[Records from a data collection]
· · · · · · ·
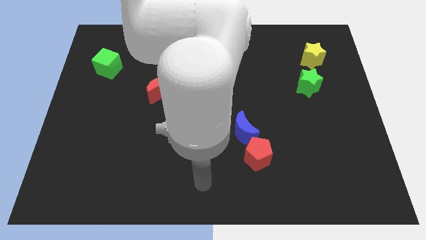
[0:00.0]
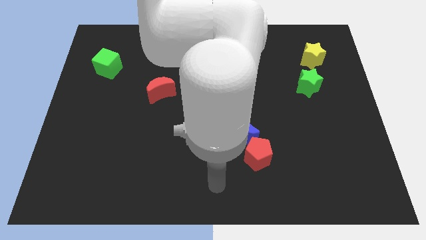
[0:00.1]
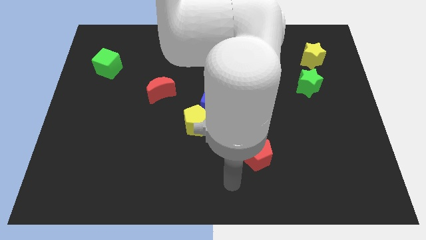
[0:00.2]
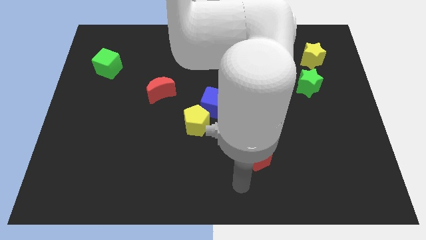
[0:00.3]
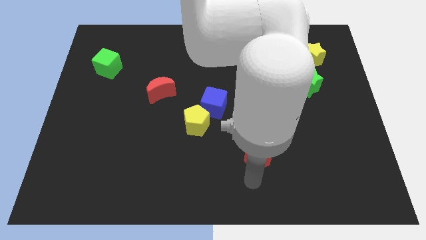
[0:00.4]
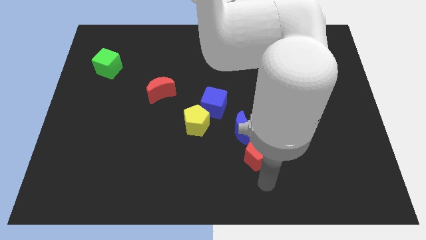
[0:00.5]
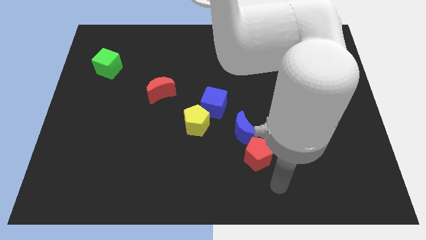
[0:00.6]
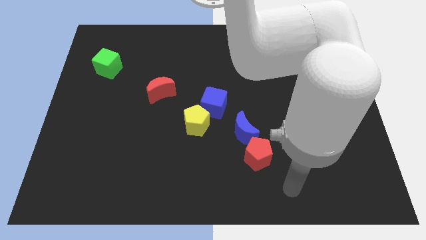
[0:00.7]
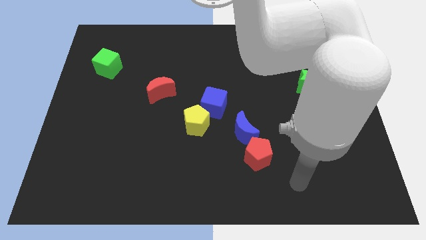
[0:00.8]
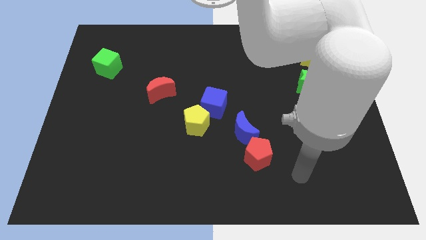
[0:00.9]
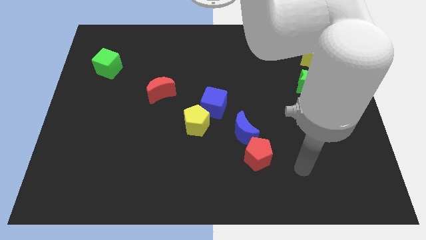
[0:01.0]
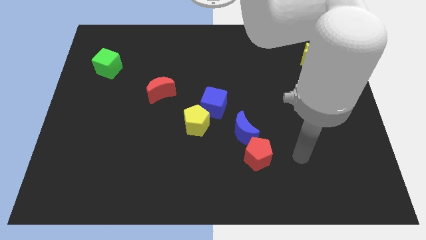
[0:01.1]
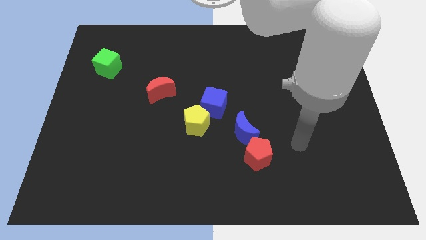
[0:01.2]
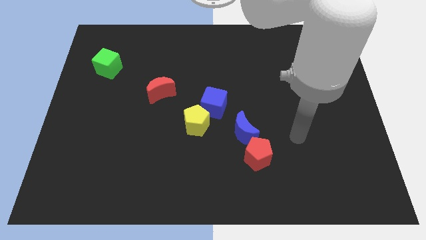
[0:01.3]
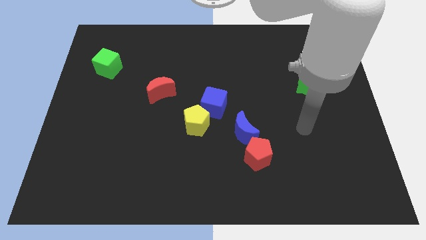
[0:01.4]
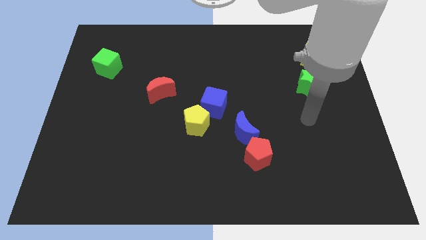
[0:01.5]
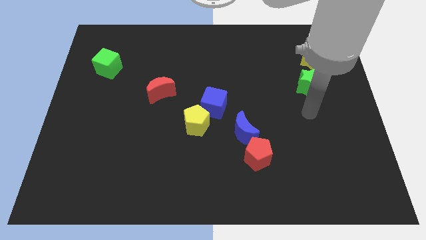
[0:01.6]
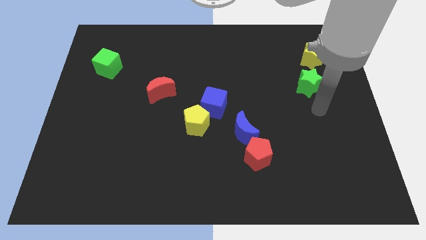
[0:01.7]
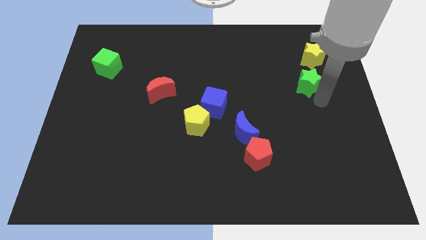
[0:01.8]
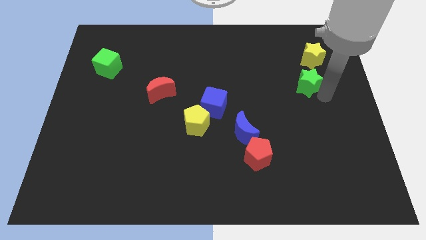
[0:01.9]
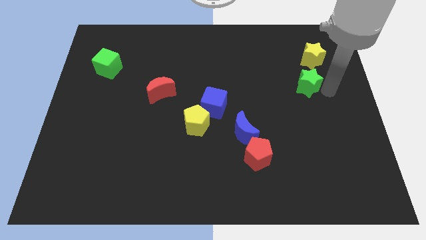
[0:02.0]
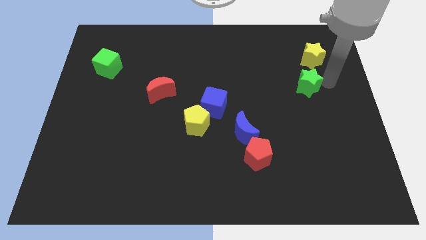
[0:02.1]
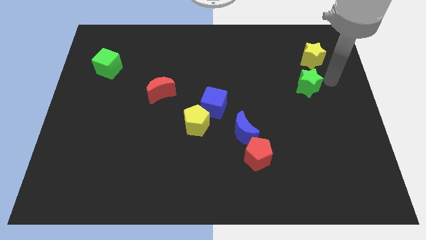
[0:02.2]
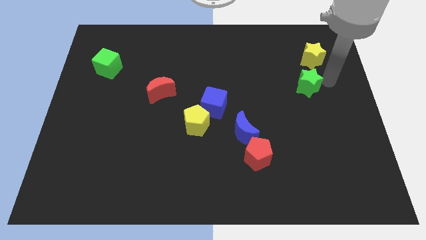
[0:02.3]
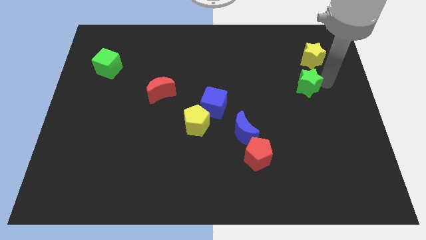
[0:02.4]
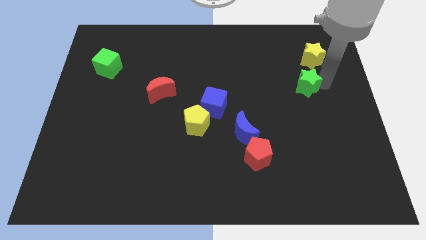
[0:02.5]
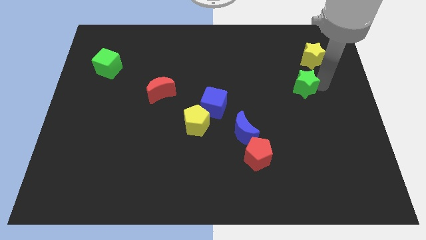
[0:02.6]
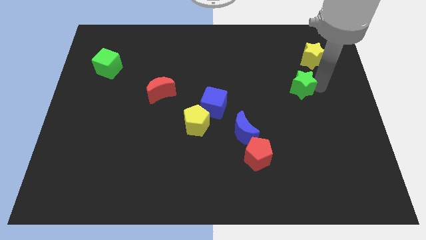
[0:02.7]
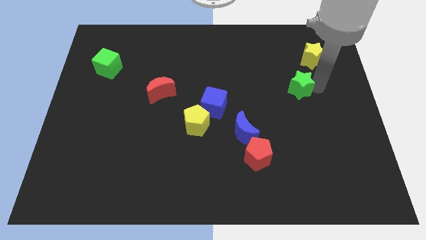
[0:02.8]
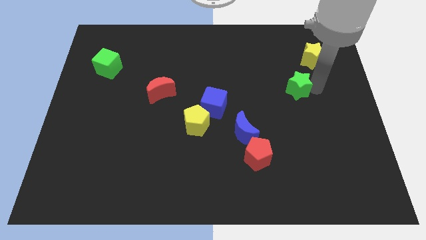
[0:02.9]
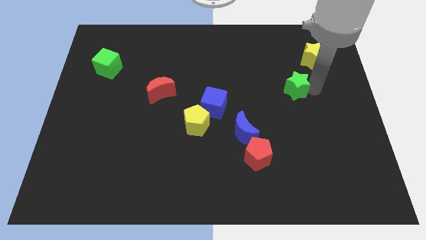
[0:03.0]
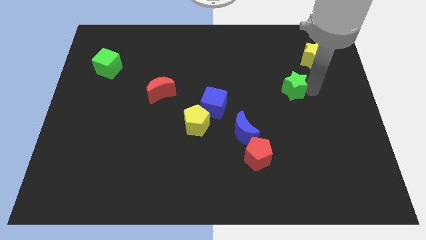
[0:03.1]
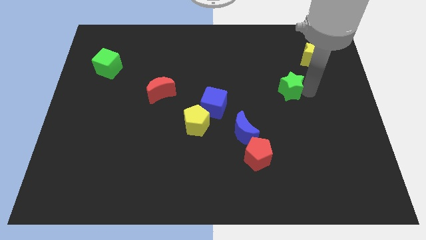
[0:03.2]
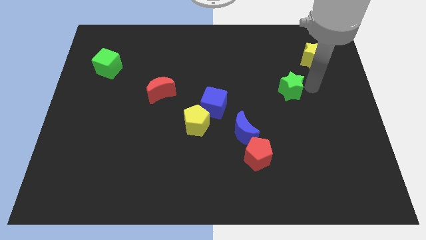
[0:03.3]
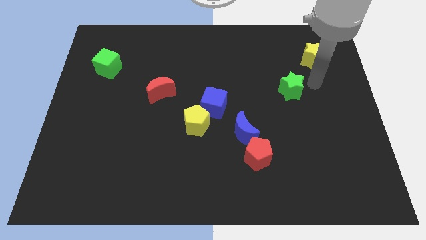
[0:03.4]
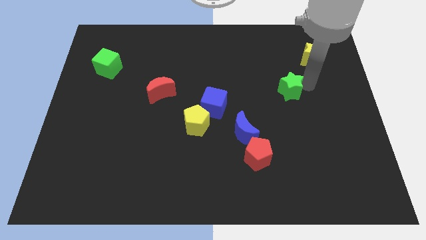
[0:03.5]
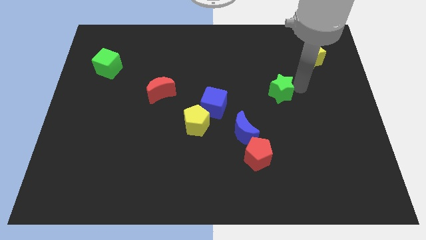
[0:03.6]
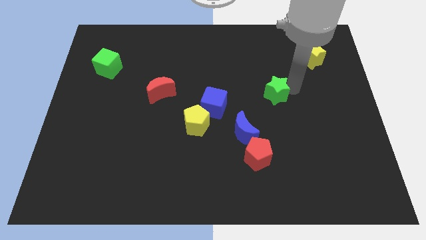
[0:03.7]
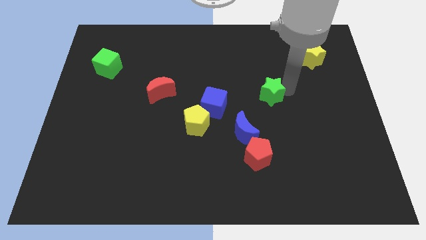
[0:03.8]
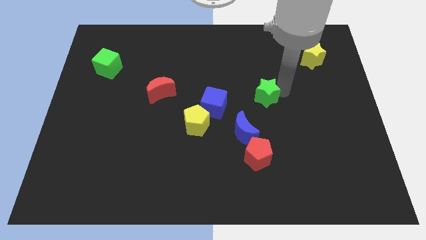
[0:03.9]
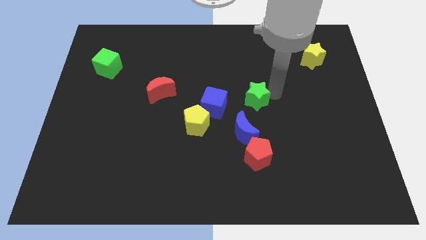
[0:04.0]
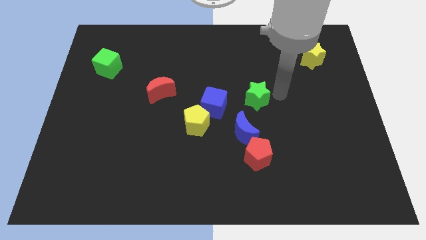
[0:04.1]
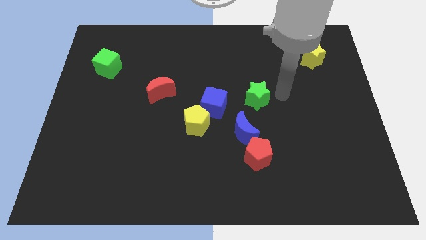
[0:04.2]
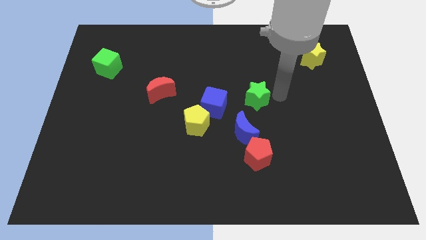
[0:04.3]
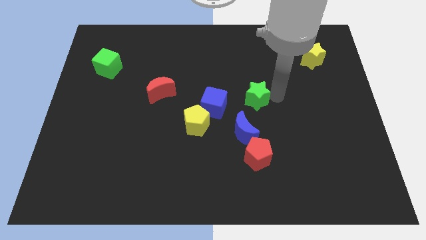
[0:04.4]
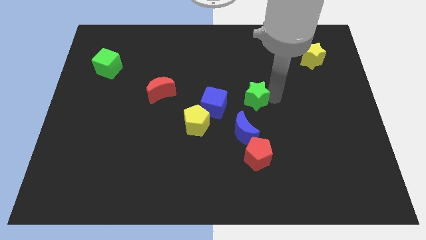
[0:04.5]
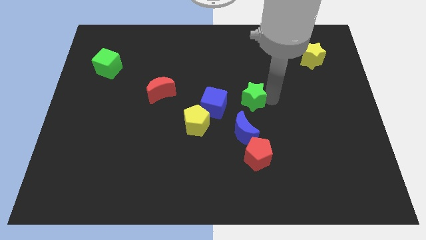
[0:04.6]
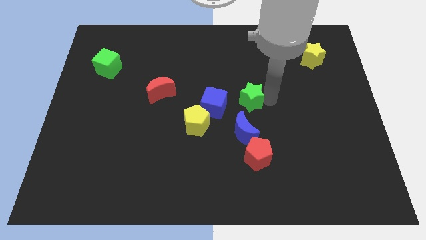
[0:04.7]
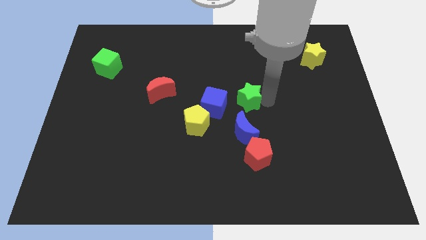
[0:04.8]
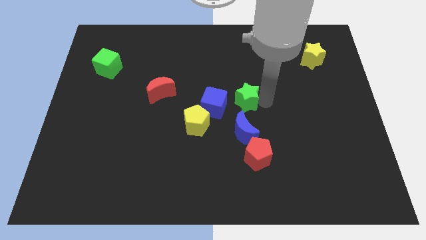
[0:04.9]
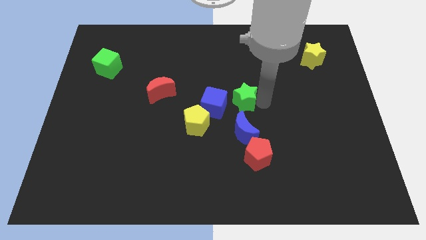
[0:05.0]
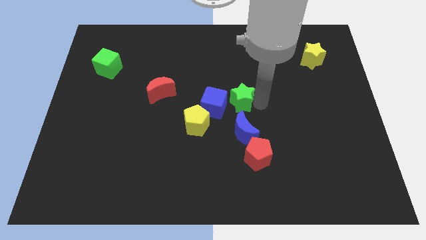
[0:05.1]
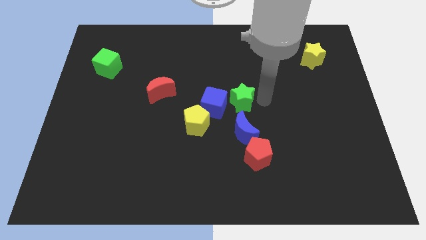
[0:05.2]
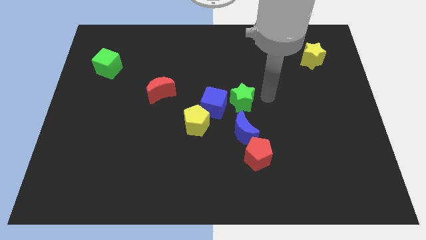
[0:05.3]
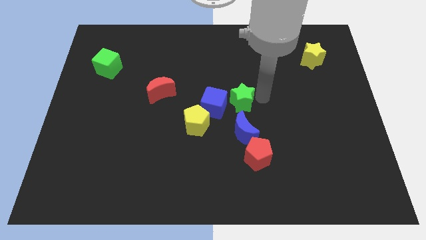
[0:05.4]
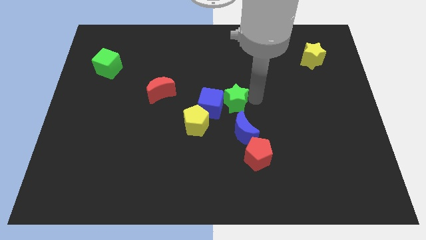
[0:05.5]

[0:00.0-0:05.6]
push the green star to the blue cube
· · · · · · ·
- The task:
Without the pictures, return each entry exactly as given.

- Finished exercise:
[0:00.0]
[0:00.1]
[0:00.2]
[0:00.3]
[0:00.4]
[0:00.5]
[0:00.6]
[0:00.7]
[0:00.8]
[0:00.9]
[0:01.0]
[0:01.1]
[0:01.2]
[0:01.3]
[0:01.4]
[0:01.5]
[0:01.6]
[0:01.7]
[0:01.8]
[0:01.9]
[0:02.0]
[0:02.1]
[0:02.2]
[0:02.3]
[0:02.4]
[0:02.5]
[0:02.6]
[0:02.7]
[0:02.8]
[0:02.9]
[0:03.0]
[0:03.1]
[0:03.2]
[0:03.3]
[0:03.4]
[0:03.5]
[0:03.6]
[0:03.7]
[0:03.8]
[0:03.9]
[0:04.0]
[0:04.1]
[0:04.2]
[0:04.3]
[0:04.4]
[0:04.5]
[0:04.6]
[0:04.7]
[0:04.8]
[0:04.9]
[0:05.0]
[0:05.1]
[0:05.2]
[0:05.3]
[0:05.4]
[0:05.5]

[0:00.0-0:05.6]
push the green star to the blue cube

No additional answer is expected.